Various shippers filed protests of the tariffs. On April 21, 2006, various
parties submitted comments challenging aspects of the costs of service and rates
reflected in the compliance filings and tariffs. On April 28, 2006, the FERC
issued an order accepting SFPP's tariffs lowering its West Line and East Line
rates in conformity with the FERC's December 2005 and February 2006 orders. On
May 1, 2006, these lower tariff rates became effective. The FERC indicated that
a subsequent order would address the issues raised in the comments. On May 1,
2006, SFPP filed reply comments.

     We are not able to predict with certainty the final outcome of the pending
FERC proceedings involving SFPP, should they be carried through to their
conclusion, or whether we can reach a settlement with some or all of the
complainants.
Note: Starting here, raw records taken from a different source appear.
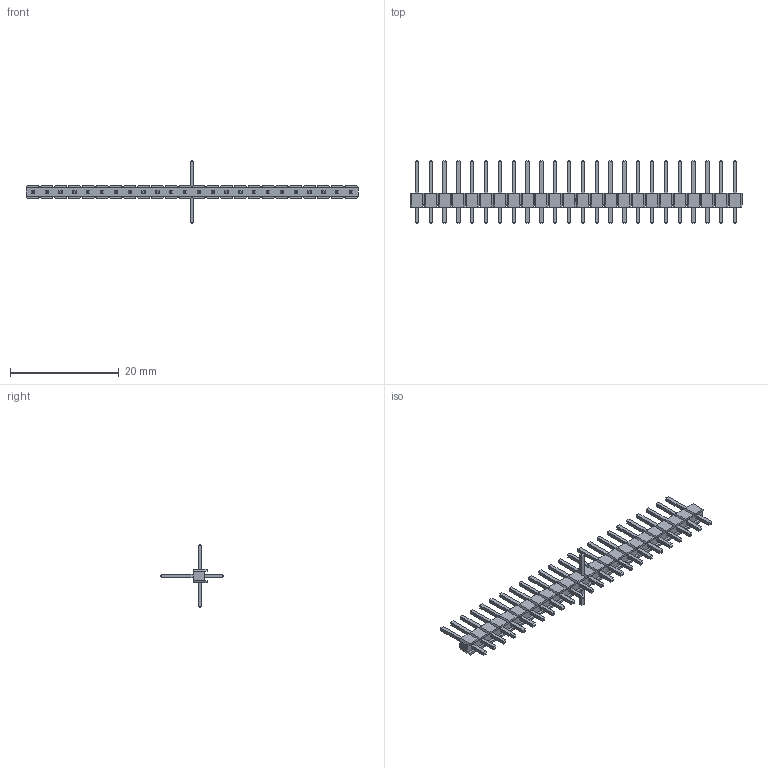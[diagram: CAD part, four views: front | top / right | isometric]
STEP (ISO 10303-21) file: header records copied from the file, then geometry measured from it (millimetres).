
FILE_DESCRIPTION( ( 'Unknown' ), '1' );
FILE_NAME( '61102411121.stp', 'Unknown', ( 'Unknown' ), ( 'Unknown' ), 'PSStep 14.0', 'Unknown', ' ' );
FILE_SCHEMA( ( 'AUTOMOTIVE_DESIGN { 1 0 10303 214 1 1 1 1 }' ) );
Length unit declared in the file: millimetre
Products named in the file (3): Assem1; 6130xx11121_PIN; 61302411121
Bounding box: 60.96 x 11.54 x 11.54 mm (x, y, z)
Volume: 722.8 mm3; surface area: 2431.8 mm2
Topology: 27 solids, 27 shells, 1030 faces, 2728 edges, 1752 vertices
Faces by surface type: plane 1030
Entity records: 14630 total; most frequent: CARTESIAN_POINT 2114, ORIENTED_EDGE 2084, DIRECTION 1802, EDGE_CURVE 1042, LINE 1042, VECTOR 1042, VERTEX_POINT 692, EDGE_LOOP 402

The final outcome will depend, in part, on the outcomes of the
appeals of these proceedings and the OR92-8, et al. proceedings taken by SFPP,
complaining shippers, and an intervenor.

     We estimated, as of December 31, 2003, that shippers' claims for
reparations totaled approximately $154 million and that prospective rate
reductions would have an aggregate average annual impact of approximately $45
million, with the reparations amount and interest increasing as the timing for
implementation of rate reductions and the payment of reparations has extended
(estimated at a quarterly increase of approximately $9 million). In accordance
with the December 16, 2005 order, rate reductions were implemented on May 1,
2006. We now assume that reparations and accrued interest thereon will be paid
no earlier than the first quarter of 2007; however, the timing, and nature, of
any rate reductions and reparations that may be ordered will likely be affected
by the final disposition of the application of the FERC's new policy statement
on income tax allowances to our Pacific operations in the FERC Docket Nos.
OR92-8, OR96-2, and IS05-230 proceedings. In 2005, we recorded an accrual of
$105.0 million for an expense attributable to an increase in our reserves
related to our rate case liability. We had previously estimated the combined
annual impact of the rate reductions and the payment of reparations sought by
shippers would be approximately 15 cents of distributable cash flow per unit.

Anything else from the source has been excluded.